WHAT TO PRODUCE> If a line in the entries contains the string "circle", include that line in your answer.

[Stored items]
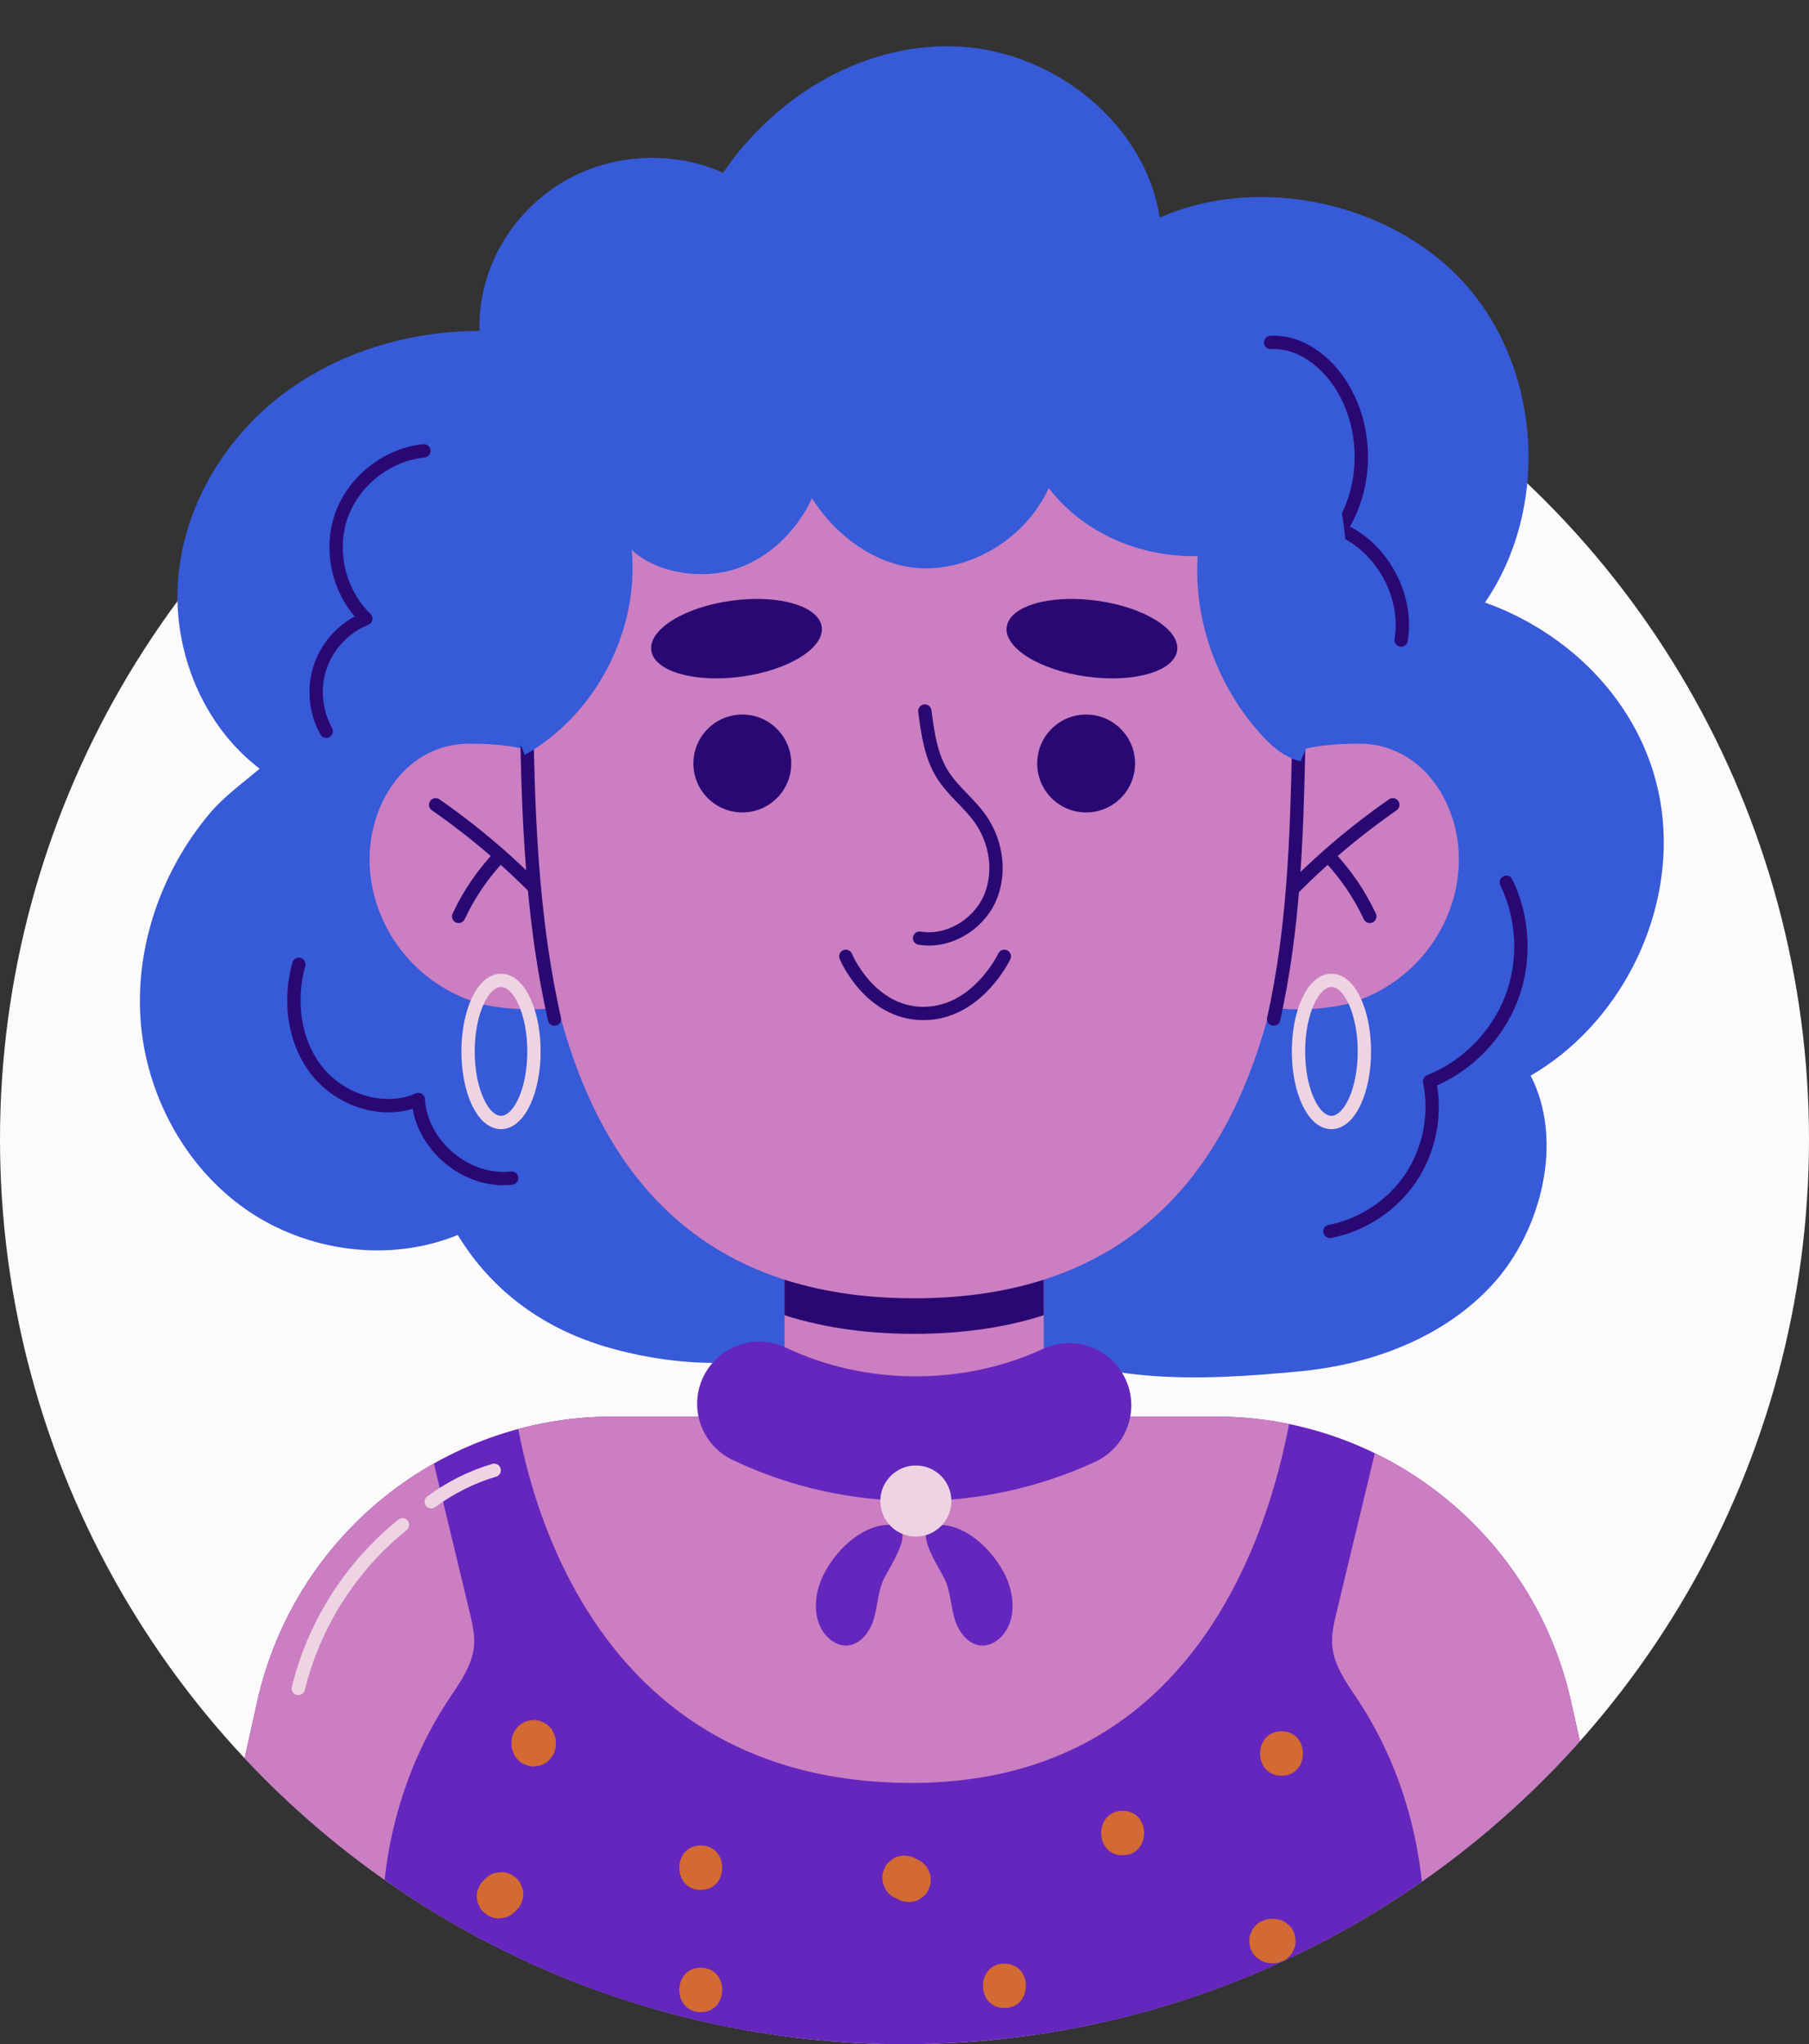 <?xml version="1.0" encoding="UTF-8"?>
<svg xmlns="http://www.w3.org/2000/svg" xmlns:xlink="http://www.w3.org/1999/xlink" width="203.68" height="230.1" viewBox="0 0 203.68 230.1">
  <rect x="0" y="0" width="203.68" height="230.1" fill="#333333" stroke="none"/>
  <defs>
    <style>
      .cls-1 {
        clip-path: url(#clippath);
      }

      .cls-2, .cls-3, .cls-4, .cls-5, .cls-6, .cls-7, .cls-8, .cls-9, .cls-10 {
        stroke-width: 0px;
      }

      .cls-2, .cls-11, .cls-12, .cls-13, .cls-14 {
        fill: none;
      }

      .cls-3 {
        fill: #d36933;
      }

      .cls-11, .cls-12, .cls-13 {
        stroke-linecap: round;
      }

      .cls-11, .cls-12, .cls-13, .cls-14 {
        stroke-width: 1.5px;
      }

      .cls-11, .cls-13, .cls-14 {
        stroke-miterlimit: 10;
      }

      .cls-11, .cls-14 {
        stroke: #eed4e2;
      }

      .cls-4 {
        fill: #eed4e2;
      }

      .cls-5, .cls-15 {
        fill: #6526bd;
      }

      .cls-12 {
        stroke-linejoin: round;
      }

      .cls-12, .cls-13 {
        stroke: #2a0873;
      }

      .cls-16 {
        clip-path: url(#clippath-1);
      }

      .cls-17 {
        clip-path: url(#clippath-2);
      }

      .cls-6, .cls-18, .cls-8 {
        fill: #cb7ec2;
      }

      .cls-19 {
        opacity: .5;
      }

      .cls-20 {
        isolation: isolate;
      }

      .cls-7 {
        fill: #365ad8;
      }

      .cls-8 {
        mix-blend-mode: multiply;
      }

      .cls-9 {
        fill: #2a0873;
      }

      .cls-10 {
        fill: #fdfafb;
      }
    </style>
    <clipPath id="clippath">
      <path class="cls-2" d="M203.68,128.26c0,56.24-45.6,101.84-101.84,101.84S0,184.5,0,128.26,21.19,0,101.84,0s101.84,72.01,101.84,128.26Z"></path>
    </clipPath>
    <clipPath id="clippath-1">
      <path class="cls-5" d="M19.75,233h166.36l-9.21-41.43c-4.17-18.77-20.82-32.12-40.04-32.12h-67.87c-19.22,0-35.87,13.35-40.04,32.12l-9.21,41.43Z"></path>
    </clipPath>
    <clipPath id="clippath-2">
      <path class="cls-6" d="M88.34,153.37s5.67,3.6,14.59,3.6,14.59-3.6,14.59-3.6v-12.9h-29.19v12.9Z"></path>
    </clipPath>
  </defs>
  <g class="cls-20">
    <g id="Calque_2" data-name="Calque 2">
      <g id="OBJECTS">
        <g>
          <circle class="cls-10" cx="101.84" cy="128.26" r="101.84"></circle>
          <g class="cls-1">
            <g>
              <path class="cls-7" d="M91.85,151.02c-6.7,3.4-16.03,2.74-23.25.69-7.22-2.05-13.16-6.28-17.06-12.7-7.75,3.17-17.05,1.89-23.91-2.92-6.86-4.81-11.18-12.9-11.8-21.25-.61-8.35,2.37-16.83,7.75-23.24,1.63-1.94,3.72-3.44,5.66-5.07-6.41-4.88-9.81-13.26-9.19-21.29.62-8.04,5.03-15.58,11.38-20.55,6.35-4.97,14.49-7.43,22.55-7.44-.16-6.55,3.18-12.67,8.65-16.29,5.46-3.62,12.8-4.21,18.78-1.51,6-8.8,16.1-14.82,26.74-14.2,10.64.62,20.8,8.72,22.43,19.25,11.51-5.11,26.91-1.53,34.97,8.15,8.06,9.68,8.77,24.78,1.65,35.17,10.74,3.85,18.97,13.09,20.01,24.45,1.04,11.36-5,23.07-14.87,28.81,3.75,7.25,1.27,17.34-4.2,23.4-5.47,6.05-13.66,9.11-21.79,9.88-11.16,1.07-23.99,1.69-33.26-4.63"></path>
              <g>
                <path class="cls-12" d="M143.06,38.55c3.19-.2,6.11,2,7.85,4.67,3.15,4.84,3.15,11.53.02,16.37,4.68,2.03,7.64,7.42,6.83,12.45"></path>
                <path class="cls-12" d="M169.6,99.31c1.97,4.04,2.18,8.9.57,13.09-1.62,4.19-5.04,7.66-9.21,9.32.77,3.68,0,7.66-2.07,10.8-2.08,3.13-5.46,5.38-9.15,6.09"></path>
                <path class="cls-12" d="M47.73,50.75c-4.15.41-7.94,3.4-9.31,7.35-1.37,3.94-.24,8.64,2.77,11.53-2.35.94-4.26,2.94-5.1,5.33-.84,2.39-.6,5.14.64,7.35"></path>
                <path class="cls-12" d="M33.65,108.55c-1.15,4.07-.57,8.74,2.08,12.04,2.65,3.3,7.49,4.87,11.37,3.18.29,5.12,5.42,9.43,10.51,8.84"></path>
                <path class="cls-12" d="M69.47,41.33c3.74,3.72,9.76,4.64,14.74,2.87s8.88-5.92,11.09-10.72c3.17,3.36,8.41,6.08,12.99,5.48,4.57-.6,8.78-3.51,10.97-7.58"></path>
              </g>
              <g>
                <g>
                  <path class="cls-15" d="M19.75,233h166.36l-9.21-41.43c-4.17-18.77-20.82-32.12-40.04-32.12h-67.87c-19.22,0-35.87,13.35-40.04,32.12l-9.21,41.43Z"></path>
                  <g class="cls-16">
                    <g>
                      <path class="cls-6" d="M48.46,238.75c-7.94-14.6-7.13-33.56,2.04-47.43,1.23-1.86,2.64-3.75,2.86-5.98.13-1.31-.18-2.63-.49-3.91-1.69-7.01-3.37-14.02-5.06-21.03-9.9,4.37-17.55,11.58-24.17,20.14-9.97,12.87-18.12,28.26-17.48,44.53.21,5.22,1.51,10.75,5.33,14.32,5.19,4.85,13.17,4.64,20.25,4.14"></path>
                      <path class="cls-6" d="M154.91,238.75c7.94-14.6,7.13-33.56-2.04-47.43-1.23-1.86-2.64-3.75-2.86-5.98-.13-1.31.18-2.63.49-3.91,1.69-7.01,3.37-14.02,5.06-21.03,9.9,4.37,17.55,11.58,24.17,20.14,9.97,12.87,18.12,28.26,17.48,44.53-.21,5.22-1.51,10.75-5.33,14.32-5.19,4.85-13.17,4.64-20.25,4.14"></path>
                    </g>
                    <path class="cls-6" d="M57.62,155.65s2.85,45.04,45.04,45.04,43.64-49.67,43.64-49.67l-88.69,4.62Z"></path>
                  </g>
                </g>
                <g>
                  <path class="cls-11" d="M33.59,190.05c1.76-7.2,5.95-13.77,11.73-18.41"></path>
                  <path class="cls-11" d="M48.56,169.04c2.13-1.58,4.54-2.79,7.08-3.54"></path>
                </g>
                <g>
                  <path class="cls-18" d="M88.34,153.37s5.67,3.6,14.59,3.6,14.59-3.6,14.59-3.6v-12.9h-29.19v12.9Z"></path>
                  <g class="cls-17">
                    <path class="cls-9" d="M146.24,73.04c0,23.92,3.54,77.1-43.31,77.1s-43.31-53.18-43.31-77.1,19.39-43.31,43.31-43.31,43.31,19.39,43.31,43.31Z"></path>
                  </g>
                </g>
                <path class="cls-5" d="M103.12,168.96c-7.1,0-14.19-1.54-20.64-4.63-3.49-1.67-4.97-5.85-3.3-9.33,1.67-3.49,5.85-4.96,9.33-3.3,8.9,4.25,19.97,4.3,28.91.14,3.5-1.63,7.67-.11,9.3,3.39,1.63,3.5.12,7.67-3.39,9.3-6.34,2.95-13.28,4.43-20.22,4.43Z"></path>
                <g>
                  <g>
                    <path class="cls-5" d="M92.72,177.25c-1.03,2.1-1.3,4.81.13,6.66.59.76,1.49,1.34,2.45,1.32,1.47-.04,2.57-1.42,3.03-2.82.45-1.4.49-2.92,1.01-4.29.61-1.61,4.66-6.9.24-6.45-2.93.3-5.63,3.09-6.86,5.59Z"></path>
                    <path class="cls-5" d="M113.15,177.25c1.03,2.1,1.3,4.81-.13,6.66-.59.76-1.49,1.34-2.45,1.32-1.47-.04-2.57-1.42-3.03-2.82-.45-1.4-.49-2.92-1.01-4.29-.61-1.61-4.66-6.9-.24-6.45,2.93.3,5.63,3.09,6.86,5.59Z"></path>
                  </g>
                  <path class="cls-4" d="M107.12,168.96c0,2.21-1.79,4-4,4s-4-1.79-4-4,1.79-4,4-4,4,1.79,4,4Z"></path>
                </g>
                <g>
                  <path class="cls-3" d="M62.58,196.34v-.23c.01-.34-.06-.67-.22-.96-.1-.31-.27-.58-.52-.8-.23-.24-.49-.42-.8-.52-.3-.16-.62-.23-.96-.22l-.66.09c-.42.12-.79.33-1.1.64l-.39.51c-.23.39-.34.81-.34,1.26v.23c-.01.34.06.67.22.96.1.31.27.58.52.8.23.24.49.42.8.52.3.16.62.23.96.22l.66-.09c.42-.12.79-.33,1.1-.64l.39-.51c.23-.39.34-.81.34-1.26h0Z"></path>
                  <path class="cls-3" d="M57.95,215.21l.23-.23c.24-.23.42-.49.52-.8.16-.3.23-.62.22-.96.01-.34-.06-.67-.22-.96-.1-.31-.27-.58-.52-.8l-.51-.39c-.39-.23-.81-.34-1.26-.34l-.66.09c-.42.12-.79.33-1.1.64l-.23.23c-.24.23-.42.49-.52.8-.16.3-.23.62-.22.96-.01.34.06.67.22.96.1.31.27.58.52.8l.51.39c.39.23.81.34,1.26.34l.66-.09c.42-.12.79-.33,1.1-.64h0Z"></path>
                  <path class="cls-3" d="M78.9,212.73c3.22,0,3.22-5,0-5s-3.22,5,0,5h0Z"></path>
                  <path class="cls-3" d="M78.9,226.49c3.22,0,3.22-5,0-5s-3.22,5,0,5h0Z"></path>
                  <path class="cls-3" d="M100.58,213.53c.15.08.31.15.46.23.29.18.6.28.93.3.33.07.66.06,1-.04.33-.08.61-.23.85-.45.27-.18.49-.41.64-.7l.25-.6c.12-.44.12-.89,0-1.33l-.25-.6c-.22-.38-.52-.67-.9-.9-.15-.08-.31-.15-.46-.23-.29-.18-.6-.28-.93-.3-.33-.07-.66-.06-1,.04-.33.08-.61.23-.85.45-.27.18-.49.41-.64.7l-.25.6c-.12.44-.12.89,0,1.33l.25.6c.22.38.52.67.9.9h0Z"></path>
                  <path class="cls-3" d="M113.09,226.03c3.22,0,3.22-5,0-5s-3.22,5,0,5h0Z"></path>
                  <path class="cls-3" d="M126.4,208.83c3.22,0,3.22-5,0-5s-3.22,5,0,5h0Z"></path>
                  <path class="cls-3" d="M143.38,215.99h-.23c-.34-.01-.67.06-.96.22-.31.1-.58.27-.8.52-.24.23-.42.49-.52.8-.16.3-.23.62-.22.96l.09.66c.12.42.33.79.64,1.1l.51.39c.39.23.81.34,1.26.34h.23c.34.01.67-.06.96-.22.31-.1.58-.27.8-.52.24-.23.42-.49.52-.8.16-.3.23-.62.22-.96l-.09-.66c-.12-.42-.33-.79-.64-1.1l-.51-.39c-.39-.23-.81-.34-1.26-.34h0Z"></path>
                  <path class="cls-3" d="M144.29,199.88c3.22,0,3.22-5,0-5s-3.22,5,0,5h0Z"></path>
                </g>
              </g>
              <g>
                <g>
                  <g>
                    <path class="cls-6" d="M65.03,95.93c0,4.73,2.54,13.36-.59,16.71-1.33,1.43-7.89,1.1-10.63.26-7.77-2.39-12.2-9.39-12.2-16.14s4.44-13.05,11.19-13.05c13.2,0,12.22,5.47,12.22,12.22Z"></path>
                    <path class="cls-13" d="M49.05,90.59c5.05,3.51,9.69,7.6,13.81,12.17"></path>
                    <path class="cls-13" d="M51.64,103.15c1.17-2.5,2.74-4.81,4.65-6.8"></path>
                  </g>
                  <g>
                    <path class="cls-6" d="M140.84,95.93c0,4.73-2.54,13.36.59,16.71,1.33,1.43,7.89,1.1,10.63.26,7.77-2.39,12.2-9.39,12.2-16.14s-4.44-13.05-11.19-13.05c-13.2,0-12.22,5.47-12.22,12.22Z"></path>
                    <path class="cls-13" d="M156.82,90.59c-5.05,3.51-9.69,7.6-13.81,12.17"></path>
                    <path class="cls-13" d="M154.23,103.15c-1.17-2.5-2.74-4.81-4.65-6.8"></path>
                  </g>
                </g>
                <path class="cls-6" d="M146.24,69.04c0,23.92,3.54,77.1-43.31,77.1s-43.31-53.18-43.31-77.1,19.39-43.31,43.31-43.31,43.31,19.39,43.31,43.31Z"></path>
                <path class="cls-13" d="M59.35,83.97c.22,10.34.8,20.65,3.08,30.74"></path>
                <path class="cls-13" d="M146.22,83.97c-.22,10.34-.55,20.65-2.82,30.74"></path>
                <g>
                  <g>
                    <g>
                      <circle class="cls-9" cx="83.58" cy="85.94" r="5.51"></circle>
                      <path class="cls-9" d="M92.52,70.56c.33,2.36-3.7,4.87-9,5.6s-9.86-.58-10.19-2.94c-.33-2.36,3.7-4.87,9-5.6,5.3-.74,9.86.58,10.19,2.94Z"></path>
                    </g>
                    <g>
                      <circle class="cls-9" cx="122.29" cy="85.94" r="5.51"></circle>
                      <path class="cls-9" d="M113.35,70.56c-.33,2.36,3.7,4.87,9,5.6s9.86-.58,10.19-2.94c.33-2.36-3.7-4.87-9-5.6-5.3-.74-9.86.58-10.19,2.94Z"></path>
                    </g>
                  </g>
                  <g>
                    <path class="cls-13" d="M95.23,107.65s2.67,6.43,8.74,6.43,9.11-6.43,9.11-6.43"></path>
                    <path class="cls-13" d="M104.13,80.04c.32,2.48.67,5.05,2.01,7.17,1.15,1.82,2.93,3.15,4.19,4.9,1.88,2.61,2.41,6.23,1.06,9.14-1.35,2.92-4.68,4.88-7.85,4.35"></path>
                  </g>
                  <g class="cls-19">
                    <circle class="cls-8" cx="76.88" cy="101.11" r="5.51"></circle>
                    <circle class="cls-8" cx="128.99" cy="101.11" r="5.51"></circle>
                  </g>
                </g>
                <path class="cls-7" d="M59.1,84.97c7.97-4.53,12.87-13.94,12.03-23.06,2.97,2.68,7.93,3.37,11.73,2.12,3.8-1.25,6.88-4.31,8.56-7.95,2.96,4.68,8.13,8.25,13.66,7.87s10.71-3.98,13-9.02c3.87,5.09,10.37,7.83,16.77,7.66-.46,7.23,2.17,14.5,6.99,19.92,1.26,1.42,2.75,2.75,4.6,3.19,2.96-6.97,5.39-15,5.18-22.58-.22-7.57-2.69-15.21-7.69-20.9-4.55-5.17-10.83-8.45-17.02-11.46-5.71-2.78-11.55-5.45-17.78-6.67-6.28-1.23-12.78-.94-19.07.24-10.03,1.88-20.02,6.34-26.17,14.48-3.07,4.07-5.06,8.88-6.35,13.82-2.4,9.13-2.51,18.85-.33,28.04"></path>
                <g>
                  <path class="cls-14" d="M60.12,118.35c0,4.42-1.66,8-3.71,8s-3.71-3.58-3.71-8,1.66-8,3.71-8,3.71,3.58,3.71,8Z"></path>
                  <path class="cls-14" d="M153.62,118.35c0,4.42-1.66,8-3.71,8s-3.71-3.58-3.71-8,1.66-8,3.71-8,3.71,3.58,3.71,8Z"></path>
                </g>
              </g>
            </g>
          </g>
        </g>
      </g>
    </g>
  </g>
</svg>

ANSWER SPACE>
          <circle class="cls-10" cx="101.84" cy="128.26" r="101.84"></circle>
                      <circle class="cls-9" cx="83.58" cy="85.94" r="5.51"></circle>
                      <circle class="cls-9" cx="122.29" cy="85.94" r="5.51"></circle>
                    <circle class="cls-8" cx="76.88" cy="101.11" r="5.51"></circle>
                    <circle class="cls-8" cx="128.99" cy="101.11" r="5.51"></circle>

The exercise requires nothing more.